We have $g'(u) = -u^{-2}$ and $u'(x) = \frac{d}{dx}(1 + e^{-x}) = -e^{-x}$.  

Therefore:

$$
\sigma'(x) = - (1 + e^{-x})^{-2} \cdot (-e^{-x}) = \frac{e^{-x}}{(1 + e^{-x})^{2}}
$$

Write the result as a product:

$$
\sigma'(x) = \frac{1}{1 + e^{-x}} \cdot \frac{e^{-x}}{1 + e^{-x}}
$$

Recognize the first factor as $\sigma(x)$.  

For the second factor, observe:

$$
\frac{e^{-x}}{1 + e^{-x}} = \frac{1 + e^{-x} - 1}{1 + e^{-x}} = 1 - \frac{1}{1 + e^{-x}} = 1 - \sigma(x)
$$

$$
\boxed{\sigma'(x) = \sigma(x)\,\bigl(1 - \sigma(x)\bigr)}
$$

**Exercise 1:** Implement the sigmoid function and its derivative, then visualize both.

In [None]:
def sigmoid(x):
    return 1 / (1 + torch.exp(-x))

def sigmoid_derivative(x):
    s = sigmoid(x)
    return s * (1 - s)

x = torch.linspace(-8, 8, 200)
plt.plot(x, sigmoid(x), label='sigmoid(x)')
plt.plot(x, sigmoid_derivative(x), label="sigmoid'(x)")
plt.title('Sigmoid and its Derivative')
plt.legend(); plt.grid(True); plt.show()

## 4. ReLU Function
The Rectified Linear Unit (ReLU) is defined as:
$$
f(x) = \max(0, x)
$$

**Exercise 1:** Calculate the derivative of ReLU.

**Your Solution**


Given the Rectified Linear Unit (ReLU) function:

$$
\text{ReLU}(x) = \max(0, x)
$$

we compute its derivative $\text{ReLU}'(x)$.
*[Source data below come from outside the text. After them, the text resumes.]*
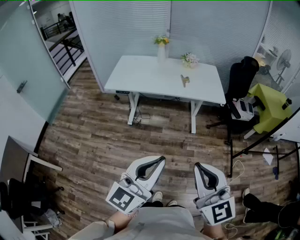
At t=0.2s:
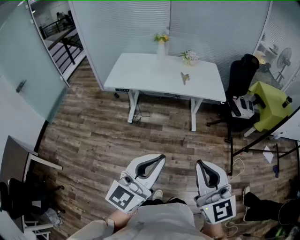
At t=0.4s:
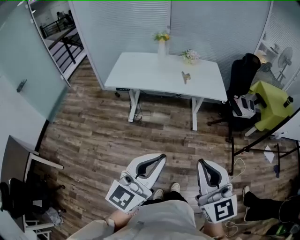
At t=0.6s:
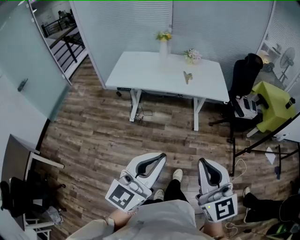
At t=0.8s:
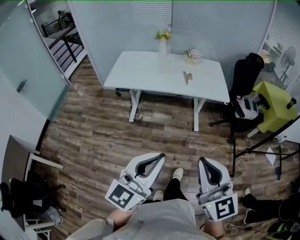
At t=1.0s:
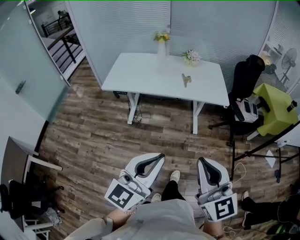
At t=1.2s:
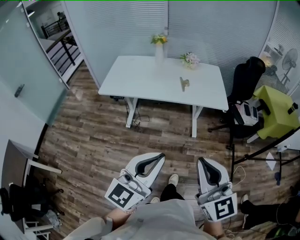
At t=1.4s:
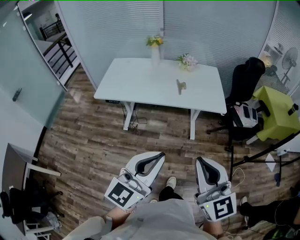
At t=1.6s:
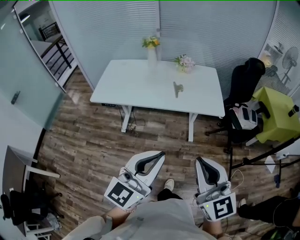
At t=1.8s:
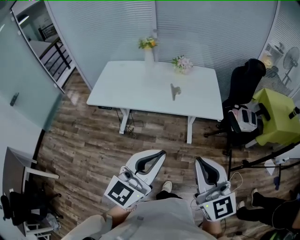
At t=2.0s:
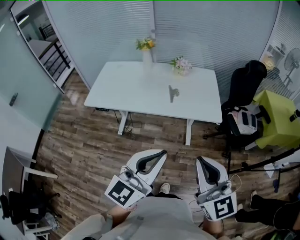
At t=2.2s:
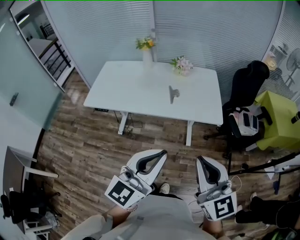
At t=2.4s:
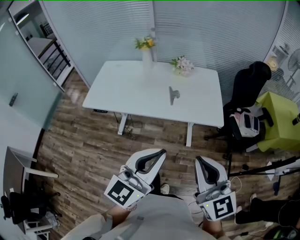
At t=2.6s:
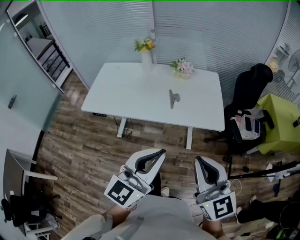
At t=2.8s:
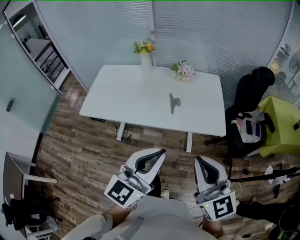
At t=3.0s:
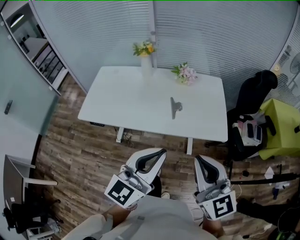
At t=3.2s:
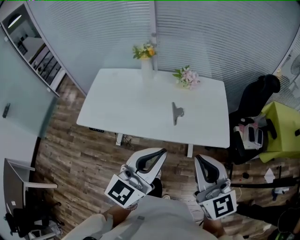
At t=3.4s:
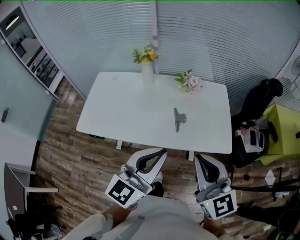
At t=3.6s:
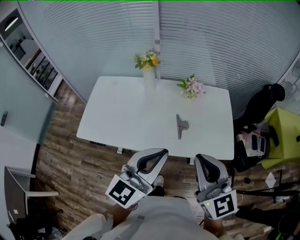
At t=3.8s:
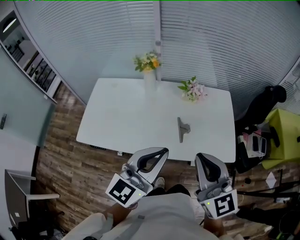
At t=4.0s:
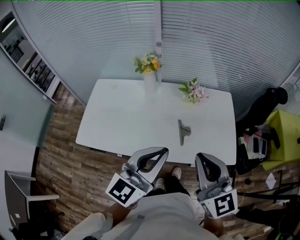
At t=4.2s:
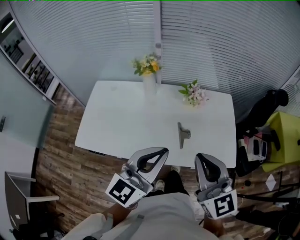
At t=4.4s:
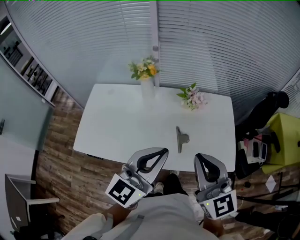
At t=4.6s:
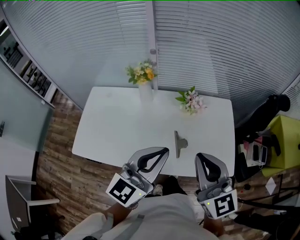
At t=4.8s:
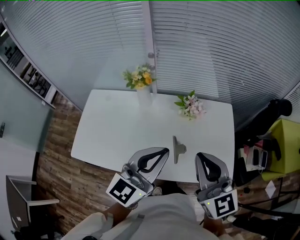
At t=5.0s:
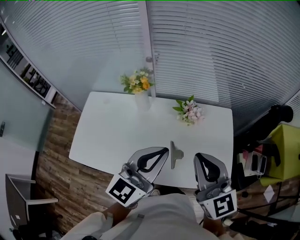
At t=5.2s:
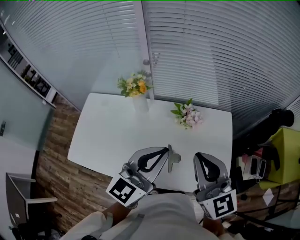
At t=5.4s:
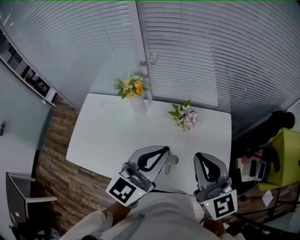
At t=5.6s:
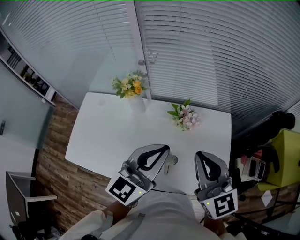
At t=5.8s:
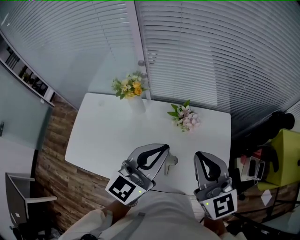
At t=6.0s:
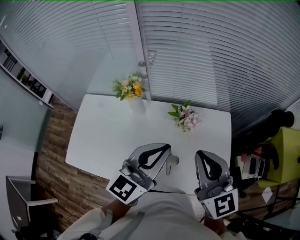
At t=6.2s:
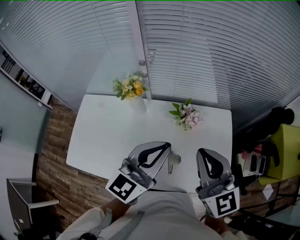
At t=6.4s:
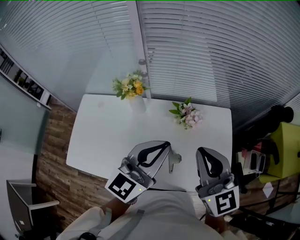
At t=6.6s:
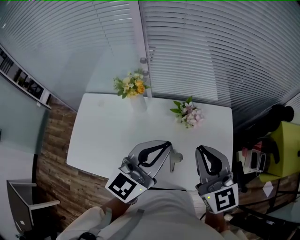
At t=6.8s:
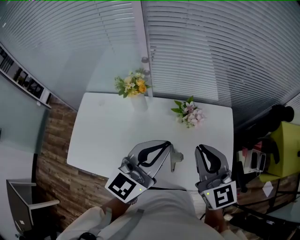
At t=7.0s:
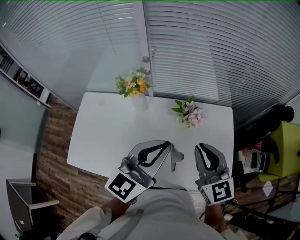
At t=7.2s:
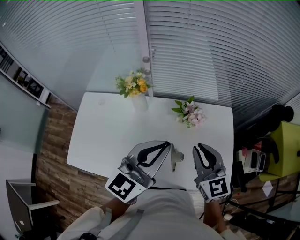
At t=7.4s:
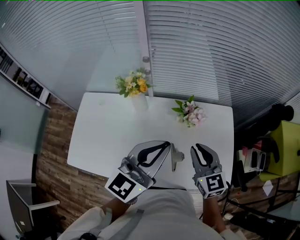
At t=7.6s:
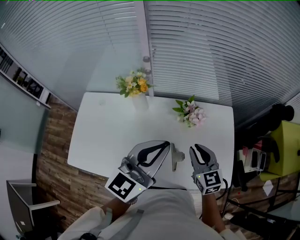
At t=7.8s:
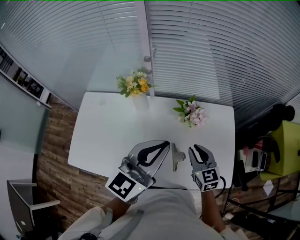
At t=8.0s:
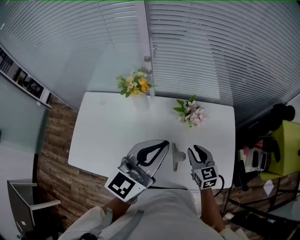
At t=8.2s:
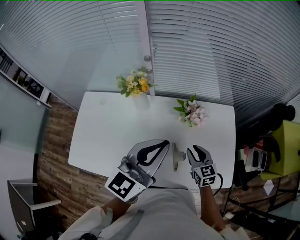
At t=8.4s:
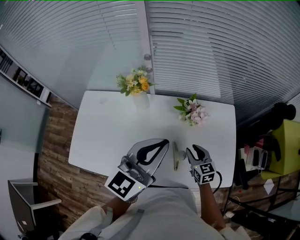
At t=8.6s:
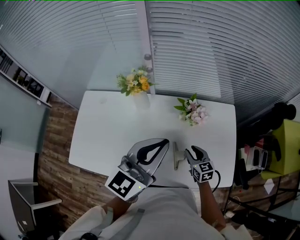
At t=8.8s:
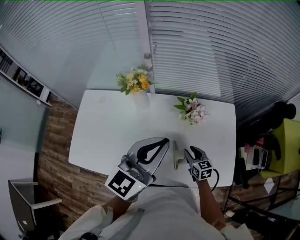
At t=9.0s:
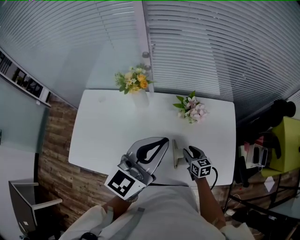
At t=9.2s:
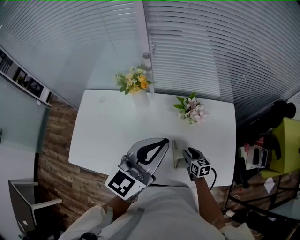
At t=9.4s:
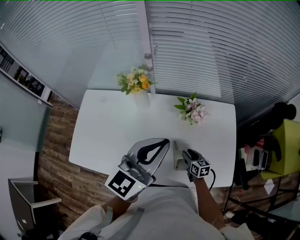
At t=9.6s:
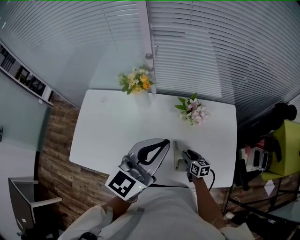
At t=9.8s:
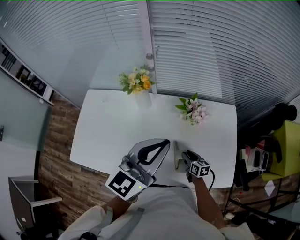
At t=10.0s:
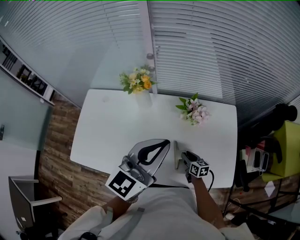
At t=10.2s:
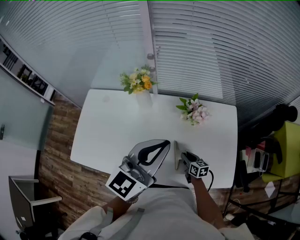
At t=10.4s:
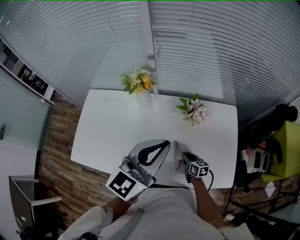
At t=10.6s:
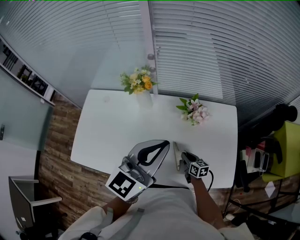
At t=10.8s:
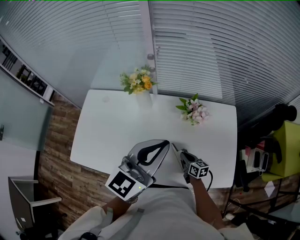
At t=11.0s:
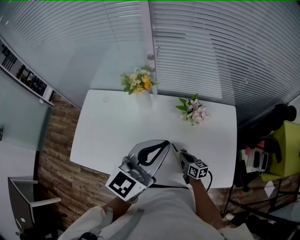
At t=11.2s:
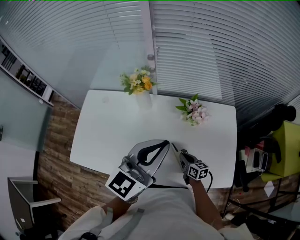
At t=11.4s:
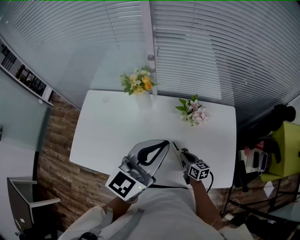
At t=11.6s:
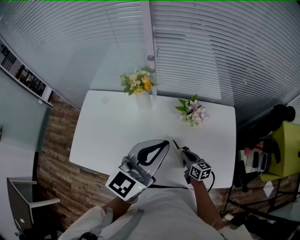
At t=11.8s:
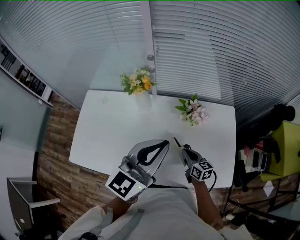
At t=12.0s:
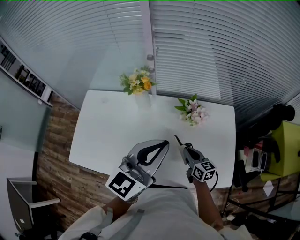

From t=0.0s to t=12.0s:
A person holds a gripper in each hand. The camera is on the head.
From t=0.0s to t=1.6s: Both grippers travel together forward, approximately 25 cm.
From t=1.6s to t=3.0s: Both grippers travel together forward, roughly 25 cm.
From t=3.0s to t=4.4s: Both grippers travel together forward, about 25 cm.
From t=4.4s to t=6.0s: The two grippers go approximately 20 cm forward.
From t=6.0s to t=7.6s: The right gripper moves downward, some 20 cm, and rotates roughly 20 degrees.
From t=7.6s to t=9.0s: The right gripper heads downward, covering approximately 20 cm, and turns by roughly 30 degrees.
From t=9.0s to t=10.4s: The right gripper moves downward, roughly 5 cm.
From t=10.4s to t=12.0s: The right gripper travels upward by about 15 cm.

The ReLU function can be written as a piecewise function:

$$
\text{ReLU}(x) =
\begin{cases}
x, & \text{if } x > 0, \\
0, & \text{if } x \leq 0.
\end{cases}
$$



For $x > 0$:

$$
\frac{d}{dx}\text{ReLU}(x) = \frac{d}{dx}(x) = 1
$$

For $x < 0$:

$$
\frac{d}{dx}\text{ReLU}(x) = \frac{d}{dx}(0) = 0
$$

At $x = 0$, the derivative is undefined because of the discontinuity in slope (the function is continuous but not differentiable at 0).  
In practice, deep learning frameworks define it as either 0 or 1 at $x = 0$ for convenience, most commonly **0**.

$$
\boxed{
\text{ReLU}'(x) =
\begin{cases}
1 & \text{if } x > 0, \\
0 & \text{if } x \leq 0.
\end{cases}
}
$$


**Exercise 2:** Implement ReLU and its derivative, then visualize both.

In [None]:
def relu(x):
    return torch.maximum(torch.tensor(0.0), x)

def relu_derivative(x):
    return (x > 0).float()

x = torch.linspace(-5, 5, 200)
plt.plot(x, relu(x), label='ReLU(x)')
plt.plot(x, relu_derivative(x), label="ReLU'(x)")
plt.title('ReLU and its Derivative')
plt.legend(); plt.grid(True); plt.show()

## Binary Cross-Entropy Loss
For a single prediction $y_{pred}$ and true label $y \in \{0, 1\}$, the **binary cross-entropy loss** is:
$$
\mathcal{L} = -[y \log(y_{pred}) + (1 - y) \log(1 - y_{pred})]
$$


**Exercise 1: calculate the derivative with respect to $y_{pred}$**

**Your Solution:**

We derive the gradient of the **binary cross-entropy loss** with respect to the model output (logit).  
This is the most fundamental form used in binary classification neural networks.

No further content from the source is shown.